Two articles today suggest how tough it’s becoming to turn a buck in the print media world.   Jeff Jarvis at BuzzMachine and founder of eWeek, notes in “Whither Mags”, that major print efforts require a huge capital outlay before they can even hope to be profitable, and that the current high risk associated with print publications means we probably won’t see nearly as many new big magazine efforts.   

Even more ominous is the New York Times report today showing circulation declines almost across the board for US Newspapers.  The  NYT Article “More Readers Trading Newspapers for Websites” has a great graphic showing how circulation has fallen at most newspapers since last year with an average drop of 2.4%.    Given the relatively thin profit margins at many papers and the fact many costs are fixed this does not bode well at all for the future of newspapers.   The future of news?   That is a far more complex question and I think the answer is not knowable at this time.    Blogs are picking up some of the journalistic slack, but I’m not convinced they can pick up all of it. 

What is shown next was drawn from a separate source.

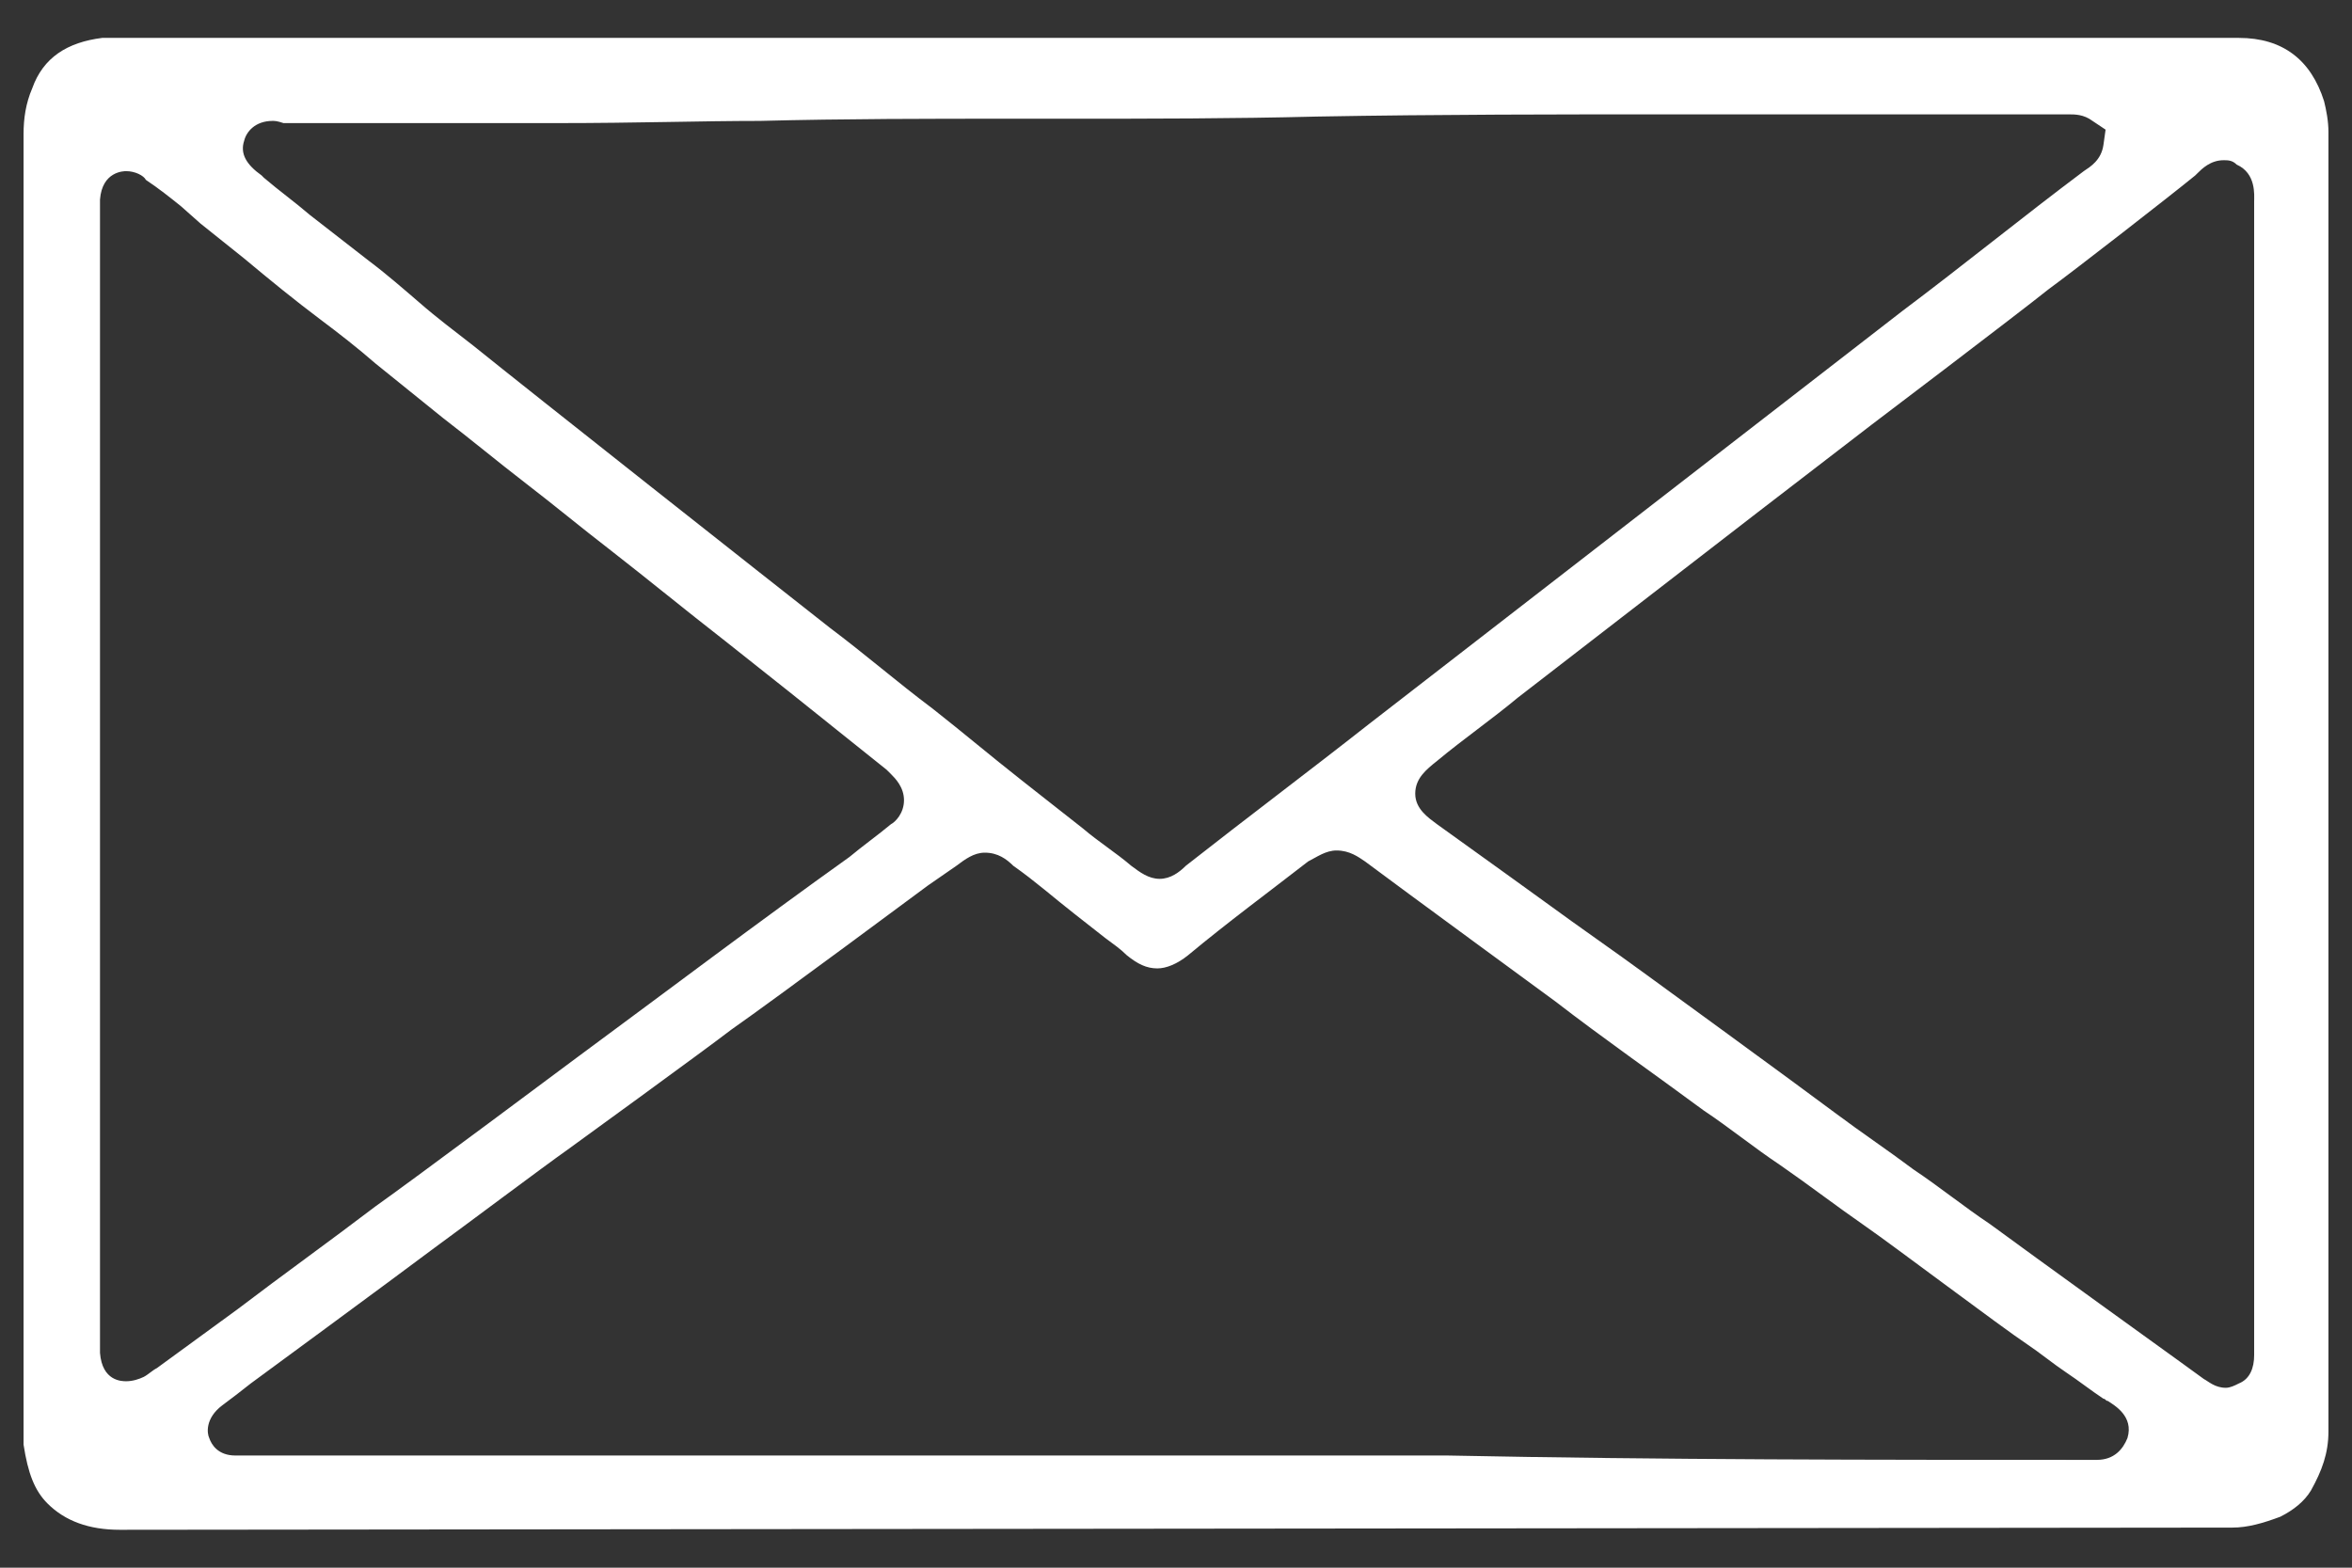 <svg width="60" height="40" viewBox="0 0 60 40" fill="none" xmlns="http://www.w3.org/2000/svg">
<rect x="0" y="0" width="60" height="40" fill="#333333" stroke="none"/>
<path d="M3.053 39.033C2.273 39.033 1.66 38.81 1.214 38.364C0.879 38.03 0.712 37.584 0.601 36.859C0.601 36.804 0.601 36.748 0.601 36.748V36.636V31.453C0.601 22.09 0.601 12.783 0.601 3.419C0.601 3.029 0.656 2.639 0.824 2.249C1.102 1.469 1.715 1.079 2.607 0.967C2.663 0.967 2.774 0.967 2.83 0.967H3.22H30.585H57.114C58.229 0.967 58.953 1.524 59.288 2.583C59.343 2.806 59.399 3.085 59.399 3.364C59.399 14.399 59.399 25.434 59.399 36.525C59.399 37.082 59.232 37.528 58.953 38.03C58.786 38.308 58.507 38.531 58.173 38.699C57.727 38.866 57.337 38.977 56.947 38.977L3.053 39.033ZM53.213 37.249H53.269C53.324 37.249 53.436 37.249 53.491 37.249C53.937 37.249 54.16 36.971 54.272 36.692C54.439 36.135 53.937 35.856 53.77 35.745C53.714 35.745 53.714 35.689 53.659 35.689C53.324 35.466 53.045 35.243 52.711 35.02C52.377 34.797 52.042 34.519 51.708 34.296C51.039 33.85 48.308 31.788 47.584 31.286C46.859 30.784 46.135 30.227 45.41 29.726C44.741 29.28 44.128 28.778 43.459 28.332C42.178 27.385 40.896 26.493 39.67 25.546C39.67 25.546 35.712 22.647 34.821 21.979C34.654 21.867 34.431 21.7 34.096 21.7C33.818 21.7 33.595 21.867 33.372 21.979C32.368 22.759 31.31 23.539 30.306 24.375C30.028 24.598 29.749 24.709 29.526 24.709C29.247 24.709 29.024 24.598 28.746 24.375C28.579 24.208 28.412 24.096 28.189 23.929L27.408 23.316C26.907 22.926 26.405 22.48 25.848 22.09C25.68 21.923 25.458 21.756 25.123 21.756C24.845 21.756 24.622 21.923 24.399 22.09L23.674 22.592C23.674 22.592 19.773 25.49 18.658 26.27C17.934 26.827 14.478 29.335 14.478 29.335C13.921 29.726 11.691 31.398 11.078 31.843C9.964 32.679 6.397 35.299 6.397 35.299C6.118 35.522 5.895 35.689 5.672 35.856C5.226 36.191 5.282 36.581 5.338 36.692C5.394 36.859 5.561 37.138 6.007 37.138C6.174 37.138 6.285 37.138 6.453 37.138H29.192H29.749H36.939C42.456 37.249 47.807 37.249 53.213 37.249ZM56.724 4.088C56.389 4.088 56.167 4.311 56.055 4.423L55.999 4.478C55.386 4.98 52.878 6.931 52.265 7.376C51.429 8.045 47.751 10.832 47.751 10.832L44.853 13.061L38.722 17.799C38.053 18.356 37.329 18.858 36.66 19.415C36.381 19.638 36.103 19.861 36.103 20.251C36.103 20.641 36.437 20.864 36.66 21.031C37.273 21.477 37.83 21.867 38.443 22.313L39.447 23.038C40.283 23.651 41.174 24.264 42.01 24.877C42.01 24.877 45.912 27.719 46.803 28.388C47.472 28.89 48.141 29.335 48.81 29.837C49.479 30.283 50.092 30.784 50.761 31.23C51.819 32.011 55.609 34.742 55.609 34.742C55.832 34.909 55.999 35.02 56.222 35.187C56.334 35.243 56.501 35.41 56.78 35.41C56.891 35.41 57.003 35.355 57.114 35.299C57.393 35.187 57.504 34.909 57.504 34.574C57.504 34.407 57.504 34.296 57.504 34.184V11.891C57.504 9.662 57.504 7.432 57.504 5.203V5.147C57.504 4.98 57.56 4.423 57.058 4.2C56.947 4.088 56.835 4.088 56.724 4.088ZM3.22 4.367C3.164 4.367 2.607 4.367 2.551 5.091C2.551 5.203 2.551 5.37 2.551 5.482V34.128C2.551 34.24 2.551 34.407 2.551 34.519C2.607 35.243 3.109 35.243 3.22 35.243C3.387 35.243 3.554 35.187 3.666 35.132C3.777 35.076 3.889 34.964 4 34.909L6.062 33.404C7.233 32.512 8.403 31.676 9.574 30.784C10.521 30.116 14.701 26.995 14.701 26.995C17.042 25.267 19.327 23.539 21.668 21.867C22.002 21.588 22.392 21.31 22.727 21.031C22.838 20.975 23.061 20.752 23.061 20.418C23.061 20.084 22.838 19.861 22.727 19.749C22.671 19.694 22.671 19.694 22.615 19.638L20.107 17.631L18.491 16.349C17.488 15.569 16.54 14.789 15.537 14.009C14.813 13.451 14.144 12.894 13.419 12.337C12.695 11.779 12.026 11.222 11.301 10.665C10.744 10.219 10.131 9.717 9.574 9.271C9.128 8.881 8.626 8.491 8.18 8.157C7.512 7.655 6.898 7.154 6.23 6.596L5.115 5.704L4.613 5.259C4.335 5.036 4.056 4.813 3.722 4.59C3.666 4.478 3.443 4.367 3.22 4.367ZM6.954 3.085C6.508 3.085 6.285 3.364 6.23 3.587C6.118 3.921 6.285 4.2 6.676 4.478L6.731 4.534C7.121 4.868 7.512 5.147 7.902 5.482C8.403 5.872 8.905 6.262 9.406 6.652C9.852 6.986 10.298 7.376 10.688 7.711C11.134 8.101 11.58 8.435 12.082 8.826C13.531 9.996 19.606 14.789 21.166 16.015C22.058 16.684 22.894 17.409 23.786 18.077C24.566 18.69 25.29 19.303 26.071 19.916C26.572 20.307 27.13 20.753 27.631 21.143C28.021 21.477 28.467 21.756 28.857 22.09C29.08 22.257 29.303 22.424 29.582 22.424C29.86 22.424 30.084 22.257 30.251 22.09C31.811 20.864 33.372 19.694 34.932 18.467L48.531 7.934C50.092 6.763 51.596 5.537 53.157 4.367C53.324 4.255 53.603 4.088 53.659 3.698L53.714 3.308L53.38 3.085C53.157 2.918 52.934 2.918 52.767 2.918H52.6C51.039 2.918 49.534 2.918 47.974 2.918H42.512C39.837 2.918 36.716 2.918 33.595 2.974C31.421 3.029 29.303 3.029 27.352 3.029H25.792C23.73 3.029 21.556 3.029 19.383 3.085C17.878 3.085 16.262 3.141 14.2 3.141C13.196 3.141 12.193 3.141 11.19 3.141C10.187 3.141 9.184 3.141 8.18 3.141H7.233C7.066 3.085 7.01 3.085 6.954 3.085Z" fill="white"/>
</svg>

Information Sharecroppers of the World, Unite ! ?


Update:  I think Nick (and I) may owe Newsvine an apology, because Newsvine does not really practice sharecropping.   The members own their own content and this means a lot more control than otherwise.    Obviously the landscape is complex with any social media but I don’t think I can object to Newsvine’s model.    My concern is where the site takes ownership of the member content.

—-

Nick Carr  has a good post today noting how the Newsvine aquisition, and other deals like this, can lead to some information “sharecropper” dissent.     As I pointed out yesterday social media is a great thing, but it seems to be dramatically failing to fund the very forces that make it a great thing – the hardest working content providers that often form the backbone of these entities.     Kevin Rose is worth tens of millions because tens of millions of diggers work for him – for free.   Sure, he’s smarter than most of his minions and he pulled it all together which means he should get a big digg payday some day, but should he, the founders, and the VC funders get *all* of the money when even they’d all agree that digg is valuable primarily because of all the people that do the digging.

Newsvine was a superb project that was beautifully implemented, but like Nick I wonder how long those who helped make Newsvine such a great site will keep working for nothing.     Is  Web 2.0 simply a new twist on feudal economics?